Por Marcos Visnadi

Saibam que não tenho nenhum conhecimento científico ou compromisso com a verdade, mas me divirto o quanto posso, é só isso que proponho – e que, na falta de certeza, a gente brinque sem ela.

Que a média do tempo de existência das espécies no planeta é de 5 milhões de anos e o homo sapiens, risos, homo maniacus já disseram, obtusus, ignarus, dá pra brincar de latim também – enfim, a gente está aqui faz 250 mil, 300 mil anos no máximo – se acertando na cabeça com ossos, madeiras, barras de ferro e outros instrumentos mais arcaicos – bombas de hidrogênio, vírus de laboratório. Até os anos 1940, pelo menos, tem relatos de colonizadores brancos ou adjacentes deixando no meio das trilhas roupas usadas por doentes de varíola, sarampo, gripe, covid pra que indígenas pegassem e vestissem e morressem e facilitassem a passada da boiada. Na bala também dá certo.

Toda guerra é biológica e o mundo todo está em guerra, o planeta é soberano, a Mãe Terra deve sentir a gente como um fungo, uma micose na bunda que incomoda e coça e você pensa nossa, será que devo ir ao médico, passar pomadas quais unguentos, fazer banho de assento, depois esquece, a Mãe Terra toda ocupada girando e rebolando o seu próprio eixo na matéria escura tomando um solzinho na frente e um refresco na sinecura, pensa no prazo esquece e quando vê ué, já sarou. A civilização dos dinossauros durou
centenas de milhões de anos. A das bactérias continua durando.
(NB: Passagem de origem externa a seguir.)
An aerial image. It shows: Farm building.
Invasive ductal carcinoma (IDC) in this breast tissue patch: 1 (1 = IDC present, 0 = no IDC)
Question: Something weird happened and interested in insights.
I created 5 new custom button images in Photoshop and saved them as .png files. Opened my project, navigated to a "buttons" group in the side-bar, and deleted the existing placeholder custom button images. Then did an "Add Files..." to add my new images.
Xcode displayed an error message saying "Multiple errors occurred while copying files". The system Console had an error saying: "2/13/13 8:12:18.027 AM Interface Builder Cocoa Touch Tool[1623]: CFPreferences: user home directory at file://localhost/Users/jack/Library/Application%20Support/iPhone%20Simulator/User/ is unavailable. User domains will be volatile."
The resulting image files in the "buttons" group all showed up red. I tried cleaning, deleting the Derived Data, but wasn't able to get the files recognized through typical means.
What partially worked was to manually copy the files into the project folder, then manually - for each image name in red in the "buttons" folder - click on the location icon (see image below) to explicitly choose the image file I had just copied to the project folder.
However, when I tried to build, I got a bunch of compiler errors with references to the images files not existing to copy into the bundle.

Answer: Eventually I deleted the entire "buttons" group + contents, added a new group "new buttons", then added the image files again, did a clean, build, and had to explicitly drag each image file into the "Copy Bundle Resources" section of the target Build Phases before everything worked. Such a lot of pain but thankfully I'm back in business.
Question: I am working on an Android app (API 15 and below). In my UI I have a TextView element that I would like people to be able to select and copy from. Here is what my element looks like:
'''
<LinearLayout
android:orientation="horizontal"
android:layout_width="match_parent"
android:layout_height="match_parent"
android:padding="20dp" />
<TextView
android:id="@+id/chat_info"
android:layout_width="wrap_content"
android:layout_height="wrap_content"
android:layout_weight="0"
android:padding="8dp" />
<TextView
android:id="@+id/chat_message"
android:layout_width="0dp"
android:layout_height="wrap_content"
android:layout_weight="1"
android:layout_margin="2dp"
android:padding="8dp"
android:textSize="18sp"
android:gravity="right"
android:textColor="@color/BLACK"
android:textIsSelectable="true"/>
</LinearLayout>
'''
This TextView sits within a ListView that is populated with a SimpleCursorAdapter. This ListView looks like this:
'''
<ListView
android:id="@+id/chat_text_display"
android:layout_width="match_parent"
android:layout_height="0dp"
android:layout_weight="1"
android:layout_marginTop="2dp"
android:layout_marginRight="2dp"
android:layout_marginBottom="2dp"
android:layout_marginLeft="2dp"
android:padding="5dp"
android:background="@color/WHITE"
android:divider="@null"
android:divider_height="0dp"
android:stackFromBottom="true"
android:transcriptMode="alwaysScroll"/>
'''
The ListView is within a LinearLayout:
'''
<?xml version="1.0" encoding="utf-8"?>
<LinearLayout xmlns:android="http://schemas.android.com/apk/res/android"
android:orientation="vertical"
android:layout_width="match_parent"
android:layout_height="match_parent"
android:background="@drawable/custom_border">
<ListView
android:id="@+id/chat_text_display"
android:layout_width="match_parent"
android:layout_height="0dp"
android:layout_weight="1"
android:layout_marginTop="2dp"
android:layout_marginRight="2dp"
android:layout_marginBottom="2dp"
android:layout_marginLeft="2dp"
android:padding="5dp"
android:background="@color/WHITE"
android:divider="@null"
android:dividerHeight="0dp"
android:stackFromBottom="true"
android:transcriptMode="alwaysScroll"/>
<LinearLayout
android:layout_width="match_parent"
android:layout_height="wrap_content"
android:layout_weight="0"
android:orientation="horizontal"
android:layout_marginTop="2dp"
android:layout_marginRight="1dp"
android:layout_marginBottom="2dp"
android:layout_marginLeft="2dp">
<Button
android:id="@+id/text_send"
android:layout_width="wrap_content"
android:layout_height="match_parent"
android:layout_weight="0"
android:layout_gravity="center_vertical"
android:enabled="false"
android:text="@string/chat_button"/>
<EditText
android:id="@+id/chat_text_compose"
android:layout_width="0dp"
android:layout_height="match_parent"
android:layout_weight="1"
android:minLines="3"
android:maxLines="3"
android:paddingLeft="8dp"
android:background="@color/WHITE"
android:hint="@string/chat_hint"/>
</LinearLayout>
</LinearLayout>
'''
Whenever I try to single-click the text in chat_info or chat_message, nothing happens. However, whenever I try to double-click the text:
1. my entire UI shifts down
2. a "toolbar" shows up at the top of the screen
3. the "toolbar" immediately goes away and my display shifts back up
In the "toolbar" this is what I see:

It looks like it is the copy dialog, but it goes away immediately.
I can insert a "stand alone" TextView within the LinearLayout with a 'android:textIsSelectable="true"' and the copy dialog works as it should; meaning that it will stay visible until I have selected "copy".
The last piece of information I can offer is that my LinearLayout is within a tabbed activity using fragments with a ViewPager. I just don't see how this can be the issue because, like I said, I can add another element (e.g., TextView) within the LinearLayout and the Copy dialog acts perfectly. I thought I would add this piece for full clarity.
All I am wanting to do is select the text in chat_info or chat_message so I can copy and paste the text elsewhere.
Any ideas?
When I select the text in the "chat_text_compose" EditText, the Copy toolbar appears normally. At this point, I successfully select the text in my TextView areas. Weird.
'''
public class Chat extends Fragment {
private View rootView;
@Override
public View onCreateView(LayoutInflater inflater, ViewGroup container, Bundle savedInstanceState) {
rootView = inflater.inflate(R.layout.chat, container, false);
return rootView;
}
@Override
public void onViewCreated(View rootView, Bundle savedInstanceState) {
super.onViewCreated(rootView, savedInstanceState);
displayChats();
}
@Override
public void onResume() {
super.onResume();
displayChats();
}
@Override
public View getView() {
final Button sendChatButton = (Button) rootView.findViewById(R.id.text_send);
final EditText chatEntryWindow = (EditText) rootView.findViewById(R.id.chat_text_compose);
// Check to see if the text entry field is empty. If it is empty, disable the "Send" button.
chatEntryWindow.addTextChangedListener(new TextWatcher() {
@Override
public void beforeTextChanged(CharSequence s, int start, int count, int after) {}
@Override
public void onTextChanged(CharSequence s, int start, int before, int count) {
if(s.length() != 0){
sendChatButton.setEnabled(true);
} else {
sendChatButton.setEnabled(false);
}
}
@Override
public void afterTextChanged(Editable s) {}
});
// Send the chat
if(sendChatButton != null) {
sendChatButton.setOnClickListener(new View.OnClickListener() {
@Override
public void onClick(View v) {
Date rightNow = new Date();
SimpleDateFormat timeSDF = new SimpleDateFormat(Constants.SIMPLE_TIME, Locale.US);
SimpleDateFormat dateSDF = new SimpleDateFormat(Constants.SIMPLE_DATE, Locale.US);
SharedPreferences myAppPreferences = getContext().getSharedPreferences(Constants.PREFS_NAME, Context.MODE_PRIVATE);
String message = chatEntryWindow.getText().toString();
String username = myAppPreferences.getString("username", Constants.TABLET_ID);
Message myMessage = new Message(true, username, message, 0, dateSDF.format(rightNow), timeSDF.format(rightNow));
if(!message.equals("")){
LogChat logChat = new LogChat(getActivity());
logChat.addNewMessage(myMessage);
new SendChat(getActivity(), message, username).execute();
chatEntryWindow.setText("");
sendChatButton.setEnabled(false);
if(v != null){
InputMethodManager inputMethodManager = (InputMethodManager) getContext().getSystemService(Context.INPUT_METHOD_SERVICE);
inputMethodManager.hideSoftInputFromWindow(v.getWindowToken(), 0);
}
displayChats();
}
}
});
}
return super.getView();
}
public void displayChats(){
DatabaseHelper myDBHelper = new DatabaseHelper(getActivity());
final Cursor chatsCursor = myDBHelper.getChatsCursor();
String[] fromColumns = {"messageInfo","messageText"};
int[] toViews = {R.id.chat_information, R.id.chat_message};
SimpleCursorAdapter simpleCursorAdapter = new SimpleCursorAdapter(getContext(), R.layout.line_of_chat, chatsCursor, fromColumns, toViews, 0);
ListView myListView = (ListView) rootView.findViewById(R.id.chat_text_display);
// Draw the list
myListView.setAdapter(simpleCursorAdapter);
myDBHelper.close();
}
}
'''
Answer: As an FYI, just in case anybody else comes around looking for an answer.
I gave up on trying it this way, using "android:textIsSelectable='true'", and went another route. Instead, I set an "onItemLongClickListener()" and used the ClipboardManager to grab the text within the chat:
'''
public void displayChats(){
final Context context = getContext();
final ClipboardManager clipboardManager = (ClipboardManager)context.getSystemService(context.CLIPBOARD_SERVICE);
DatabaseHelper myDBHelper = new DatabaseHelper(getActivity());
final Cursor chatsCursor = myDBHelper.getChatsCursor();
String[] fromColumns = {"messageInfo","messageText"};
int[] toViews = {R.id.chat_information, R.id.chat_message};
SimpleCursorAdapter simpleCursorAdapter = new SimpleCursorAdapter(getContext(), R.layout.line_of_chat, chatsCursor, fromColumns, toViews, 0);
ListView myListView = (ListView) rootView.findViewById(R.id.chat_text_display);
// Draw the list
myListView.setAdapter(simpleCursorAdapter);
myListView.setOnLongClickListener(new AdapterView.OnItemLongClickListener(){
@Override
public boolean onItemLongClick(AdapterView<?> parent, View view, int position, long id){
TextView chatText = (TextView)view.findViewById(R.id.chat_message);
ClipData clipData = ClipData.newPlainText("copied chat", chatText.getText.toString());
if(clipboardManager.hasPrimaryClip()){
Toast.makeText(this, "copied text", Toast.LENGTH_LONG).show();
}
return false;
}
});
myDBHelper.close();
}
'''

Do ponto de vista da eternidade, que nem precisa existir, só a gente se interessa pela eternidade, nosso tempo curto, que nem quem tem fome só pensa em comer, que nem quem tem muito dinheiro só pensa em dinheiro, quem não tem também, o máximo que a gente alcança sozinha, assim, individualmente, é muito pouco, é muito aqui, é muito aquém – “Escravos cardíacos das estrelas” escreveu Fernando Pessoa, também chamado de Álvaro de Campos, “Conquistamos todo o mundo antes de nos levantar da
cama”, e continua:

Mas acordamos e ele é opaco,
Levantamo-nos e ele é alheio,
Saímos de casa e ele é a terra inteira,
Mais o sistema solar e a Via Láctea e o Indefinido.

Que miséria a nossa fortuna, que mísero o nosso cultivo da miséria, que fortunas as pessoas encontram no nada, no avesso do nada, no lixo do dia, as pragas cotidianas, 40 anos da pandemia de HIV, que bobagem, que maçada, que mansarda, que porão, que fundo de poço em que nós vivemos e empurramos os colegas mais pra baixo – ou damos um jeito de empurrá-los para cima porque a humanidade também é fraterna, solidária, bondosa – mas o poço estava ao contrário e quem foi pra cima caiu de vez, tchibum.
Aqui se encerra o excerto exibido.